Elisabeth King does the hard yards to find 10 of the world’s most luxurious new hotels.
More than 700 hotels have opened around the world, so selecting the pick of the bunch has been tougher than usual. But Men’s Style has bitten the decision-making bullet for a short list filled with adventure, high design, ultimate luxury and re-tweaked heritage.
London’s newest five star bolthole is in Holborn, not Mayfair. Used as a backdrop for the Val Kilmer version of The Saint and an episode of Dr Who, this neo-classical 1914 pile has listed status. The historic interior has been re-jigged by New York designer Tony Chi (Park Hyatt Moscow, Ritz-Carlton Singapore, etc) and antiques fill the public spaces and 242 rooms and 44 suites. Toiletries by Czech & Speake and retro-vintage bartenders sporting moustaches in Scarfes Bar add a pukka clubland feel. The Holborn Dining Room lures city suits for posh paddock-to-plate grub.

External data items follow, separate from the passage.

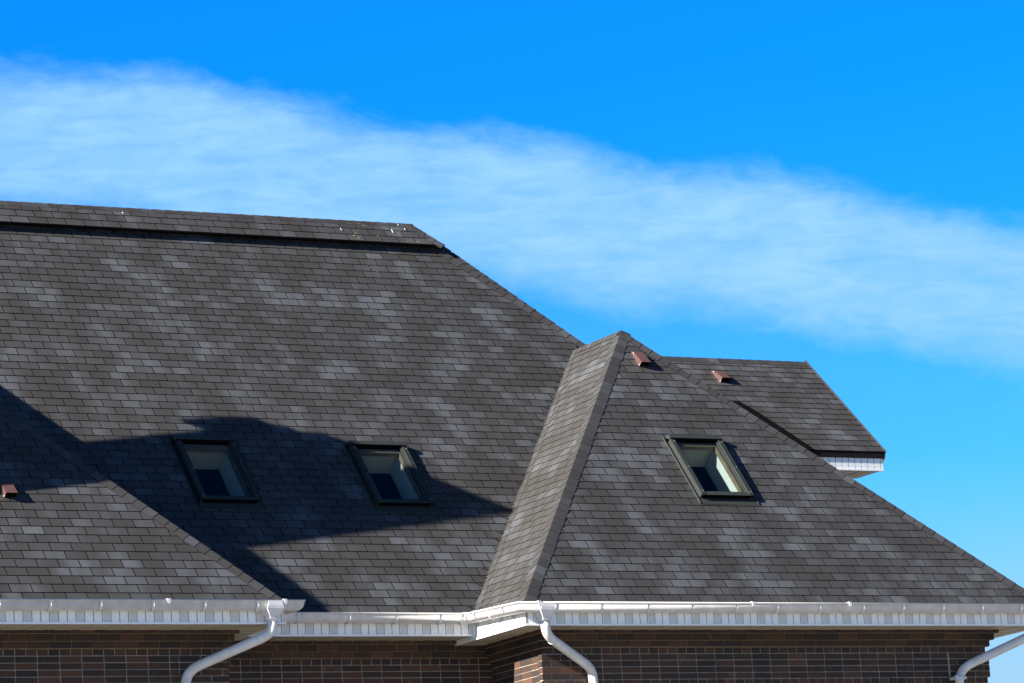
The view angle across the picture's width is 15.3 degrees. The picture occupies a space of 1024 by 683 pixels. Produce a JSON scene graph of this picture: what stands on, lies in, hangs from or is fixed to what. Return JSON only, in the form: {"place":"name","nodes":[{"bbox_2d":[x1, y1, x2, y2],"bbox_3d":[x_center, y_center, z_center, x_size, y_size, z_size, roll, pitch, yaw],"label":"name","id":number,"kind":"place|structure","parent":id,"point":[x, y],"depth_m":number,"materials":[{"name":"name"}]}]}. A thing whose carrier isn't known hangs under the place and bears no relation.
{"place":"outdoors","nodes":[
{"label":"outdoors","id":0,"kind":"place"},
{"bbox_2d":[0,201,1023,682],"bbox_3d":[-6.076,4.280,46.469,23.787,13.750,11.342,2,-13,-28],"label":"brick house","id":1,"kind":"structure","parent":0,"point":[258,449],"depth_m":46.56,"materials":[{"name":"brick"}]},
{"bbox_2d":[0,0,1023,682],"label":"sky","id":2,"kind":"structure","parent":0,"point":[835,186],"materials":[{"name":"blue"}]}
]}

ION Luxury Adventure Hotel, Selfoss, Iceland
Icelandair and easyJet offer cheap airfares to Reykjavik from several UK cities. A small price to pay for spectacular natural scenery and the chance to mingle with great-looking people named Thor and Sif. A magnet for outdoorsmen, this eco-luxe hotel is a sleekly modern base for day trips to trout-filled rivers, hot springs, active volcanic areas, riding trails and Lake Pingvallavatn – to dive the continental seam where the tectonic plates of Eurasia and North America meet. Located specifically for viewing the Aurora Borealis from the Northern Lights bar and deck, organic toiletries, small touches like local craft beer and neon-bright sheepskin throws complete a totally Nordic experience.
Andaz Maui at Wailea
Inexpensive flights and a strong dollar have made Hawaii the new Bali. To get away from the madding crowd, head to this head-turner in Maui. Star designers Rockwell Group have re-configured the former Renaissance hotel with an Ambrato stone bridge entry, a wood-filled spa, an open air lobby with a sand pit and three infinity pools. Powdery Mokapu Beach and farm-to-table Hawaiian food deliver a fantasy island vacation.

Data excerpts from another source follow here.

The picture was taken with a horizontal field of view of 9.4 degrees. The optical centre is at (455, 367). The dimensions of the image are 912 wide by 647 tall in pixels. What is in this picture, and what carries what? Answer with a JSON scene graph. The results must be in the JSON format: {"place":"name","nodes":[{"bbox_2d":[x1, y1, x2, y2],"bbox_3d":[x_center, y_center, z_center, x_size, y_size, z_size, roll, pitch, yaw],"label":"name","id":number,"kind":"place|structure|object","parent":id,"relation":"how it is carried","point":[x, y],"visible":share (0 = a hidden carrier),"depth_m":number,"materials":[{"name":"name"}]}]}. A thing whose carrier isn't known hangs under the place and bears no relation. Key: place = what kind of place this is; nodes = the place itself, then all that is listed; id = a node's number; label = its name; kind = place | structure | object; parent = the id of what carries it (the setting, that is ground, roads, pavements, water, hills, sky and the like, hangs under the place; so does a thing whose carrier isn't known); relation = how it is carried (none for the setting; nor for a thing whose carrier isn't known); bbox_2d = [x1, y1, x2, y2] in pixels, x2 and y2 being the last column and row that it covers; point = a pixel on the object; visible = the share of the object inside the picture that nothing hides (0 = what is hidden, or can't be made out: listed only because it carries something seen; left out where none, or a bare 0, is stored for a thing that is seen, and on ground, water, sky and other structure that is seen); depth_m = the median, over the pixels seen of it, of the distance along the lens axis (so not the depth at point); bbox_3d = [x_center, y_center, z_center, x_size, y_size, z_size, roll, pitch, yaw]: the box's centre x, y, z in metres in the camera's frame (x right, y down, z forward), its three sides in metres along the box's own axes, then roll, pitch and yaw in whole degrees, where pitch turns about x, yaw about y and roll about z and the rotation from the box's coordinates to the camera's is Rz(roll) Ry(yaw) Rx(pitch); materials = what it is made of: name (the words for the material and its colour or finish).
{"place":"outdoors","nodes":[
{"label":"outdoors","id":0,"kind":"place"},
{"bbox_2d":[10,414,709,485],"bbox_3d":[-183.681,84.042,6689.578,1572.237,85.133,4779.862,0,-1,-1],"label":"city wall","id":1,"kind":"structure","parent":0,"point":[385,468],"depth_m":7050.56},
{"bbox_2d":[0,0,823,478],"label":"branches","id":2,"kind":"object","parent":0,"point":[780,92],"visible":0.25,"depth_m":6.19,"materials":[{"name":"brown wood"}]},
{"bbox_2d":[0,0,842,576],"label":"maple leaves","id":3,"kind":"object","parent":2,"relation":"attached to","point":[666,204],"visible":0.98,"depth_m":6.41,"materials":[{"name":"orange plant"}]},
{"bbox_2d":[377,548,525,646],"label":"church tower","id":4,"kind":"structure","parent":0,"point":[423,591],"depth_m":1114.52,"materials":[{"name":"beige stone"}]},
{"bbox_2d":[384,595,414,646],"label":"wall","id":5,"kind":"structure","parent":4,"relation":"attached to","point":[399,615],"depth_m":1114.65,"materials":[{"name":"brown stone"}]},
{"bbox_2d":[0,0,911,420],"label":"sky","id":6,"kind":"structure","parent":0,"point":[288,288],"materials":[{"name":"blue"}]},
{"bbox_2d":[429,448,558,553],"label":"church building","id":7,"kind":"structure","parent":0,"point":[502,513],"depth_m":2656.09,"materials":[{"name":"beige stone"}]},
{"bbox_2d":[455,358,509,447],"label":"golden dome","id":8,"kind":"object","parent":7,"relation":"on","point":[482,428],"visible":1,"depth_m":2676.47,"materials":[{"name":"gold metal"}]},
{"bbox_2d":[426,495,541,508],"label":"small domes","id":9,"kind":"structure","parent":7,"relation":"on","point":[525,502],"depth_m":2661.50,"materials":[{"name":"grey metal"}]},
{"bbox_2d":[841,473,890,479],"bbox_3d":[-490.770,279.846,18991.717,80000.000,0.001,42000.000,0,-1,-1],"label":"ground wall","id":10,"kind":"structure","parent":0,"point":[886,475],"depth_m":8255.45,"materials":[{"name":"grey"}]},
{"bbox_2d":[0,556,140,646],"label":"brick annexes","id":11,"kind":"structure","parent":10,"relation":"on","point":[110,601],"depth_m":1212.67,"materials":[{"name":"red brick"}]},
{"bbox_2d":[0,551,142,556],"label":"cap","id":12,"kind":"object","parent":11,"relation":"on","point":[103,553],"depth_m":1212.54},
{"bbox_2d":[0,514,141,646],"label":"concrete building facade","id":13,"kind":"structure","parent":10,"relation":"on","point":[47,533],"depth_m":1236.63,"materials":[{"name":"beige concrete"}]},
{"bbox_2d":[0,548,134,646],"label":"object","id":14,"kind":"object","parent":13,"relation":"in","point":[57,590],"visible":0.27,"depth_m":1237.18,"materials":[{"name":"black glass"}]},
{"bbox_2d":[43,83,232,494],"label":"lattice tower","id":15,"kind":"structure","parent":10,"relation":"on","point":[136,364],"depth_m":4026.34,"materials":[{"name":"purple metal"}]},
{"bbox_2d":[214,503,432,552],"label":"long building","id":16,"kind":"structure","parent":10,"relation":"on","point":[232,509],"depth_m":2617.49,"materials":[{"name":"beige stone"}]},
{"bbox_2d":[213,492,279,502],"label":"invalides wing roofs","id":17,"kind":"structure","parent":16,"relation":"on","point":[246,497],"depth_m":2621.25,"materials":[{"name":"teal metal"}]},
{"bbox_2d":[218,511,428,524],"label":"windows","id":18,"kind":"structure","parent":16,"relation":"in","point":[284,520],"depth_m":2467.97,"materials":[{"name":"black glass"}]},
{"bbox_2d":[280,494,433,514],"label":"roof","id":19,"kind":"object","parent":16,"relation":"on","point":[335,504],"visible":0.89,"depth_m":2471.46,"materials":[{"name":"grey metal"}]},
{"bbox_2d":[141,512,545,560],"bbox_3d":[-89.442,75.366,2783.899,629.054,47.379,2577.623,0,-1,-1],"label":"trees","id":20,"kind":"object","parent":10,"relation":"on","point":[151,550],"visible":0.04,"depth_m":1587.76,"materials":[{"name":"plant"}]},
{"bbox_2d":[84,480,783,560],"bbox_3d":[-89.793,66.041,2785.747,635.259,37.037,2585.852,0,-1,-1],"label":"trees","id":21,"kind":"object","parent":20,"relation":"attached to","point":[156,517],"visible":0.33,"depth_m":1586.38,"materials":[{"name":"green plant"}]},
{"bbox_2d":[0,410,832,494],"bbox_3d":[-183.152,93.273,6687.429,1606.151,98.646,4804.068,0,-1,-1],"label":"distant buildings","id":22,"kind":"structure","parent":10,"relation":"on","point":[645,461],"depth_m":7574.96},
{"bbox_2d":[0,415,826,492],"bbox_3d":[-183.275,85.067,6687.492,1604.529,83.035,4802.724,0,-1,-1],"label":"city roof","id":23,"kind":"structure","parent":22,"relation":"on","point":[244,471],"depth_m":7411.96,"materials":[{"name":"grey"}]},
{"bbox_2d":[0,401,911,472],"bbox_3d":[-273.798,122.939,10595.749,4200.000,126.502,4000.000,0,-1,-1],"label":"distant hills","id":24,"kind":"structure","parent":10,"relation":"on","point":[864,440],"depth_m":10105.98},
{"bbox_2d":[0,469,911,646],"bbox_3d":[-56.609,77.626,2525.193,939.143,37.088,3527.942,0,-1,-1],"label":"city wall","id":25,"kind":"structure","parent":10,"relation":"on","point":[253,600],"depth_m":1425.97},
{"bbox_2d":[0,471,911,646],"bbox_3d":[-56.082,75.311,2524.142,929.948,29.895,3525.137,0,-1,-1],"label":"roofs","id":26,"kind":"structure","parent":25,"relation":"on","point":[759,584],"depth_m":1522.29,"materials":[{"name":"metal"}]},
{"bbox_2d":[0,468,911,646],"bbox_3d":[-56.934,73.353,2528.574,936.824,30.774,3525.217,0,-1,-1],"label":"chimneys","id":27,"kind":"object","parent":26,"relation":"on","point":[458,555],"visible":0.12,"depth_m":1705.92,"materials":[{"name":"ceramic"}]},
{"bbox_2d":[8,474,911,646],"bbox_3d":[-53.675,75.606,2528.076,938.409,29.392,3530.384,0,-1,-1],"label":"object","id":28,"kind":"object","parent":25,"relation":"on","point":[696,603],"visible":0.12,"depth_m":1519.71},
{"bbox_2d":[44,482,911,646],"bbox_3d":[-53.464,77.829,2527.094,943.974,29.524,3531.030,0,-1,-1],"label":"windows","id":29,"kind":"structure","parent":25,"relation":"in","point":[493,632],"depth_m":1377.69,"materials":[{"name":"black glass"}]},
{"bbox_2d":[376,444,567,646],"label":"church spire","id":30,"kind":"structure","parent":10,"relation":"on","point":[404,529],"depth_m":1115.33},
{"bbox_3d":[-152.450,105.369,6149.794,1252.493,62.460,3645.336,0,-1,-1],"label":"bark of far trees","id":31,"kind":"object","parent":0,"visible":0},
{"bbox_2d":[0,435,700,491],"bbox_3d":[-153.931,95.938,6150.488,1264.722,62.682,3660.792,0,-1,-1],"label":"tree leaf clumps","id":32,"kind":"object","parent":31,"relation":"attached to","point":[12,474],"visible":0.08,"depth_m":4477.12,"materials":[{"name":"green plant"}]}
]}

Mira Moon Hotel, Hong Kong
Dutch design maestro Marcel Wanders considered every detail in this stunning Wanchai hotel inspired by the Chinese Moon Festival fairytale. Backlit jade rabbits, crystal-cut mirrors and staff dressed in hand-stitched Chinoiserie costumes mix and match for maximum eye appeal. The king rooms have freestanding tubs with views of the Hong Kong skyline, the mini bar is free and the Supergiant restaurant offers Chinese/Spanish fusion tapas.
Cheval Blanc Randheli, The Maldives
Fancy a spa located on its own island or a romantic dinner on a floating pontoon? Owned by LVMH, this sister hotel to the luxury goods group’s debut hotel in Courchevel also has its own cigar room. The 45 palatial villas (all with butlers), moonlight yoga classes and in-villa spa treatments offer the sort of simple decadence favoured by Russian oligarchs. Insider tip: book an over-water villa for Instagram images to make a saint die of envy.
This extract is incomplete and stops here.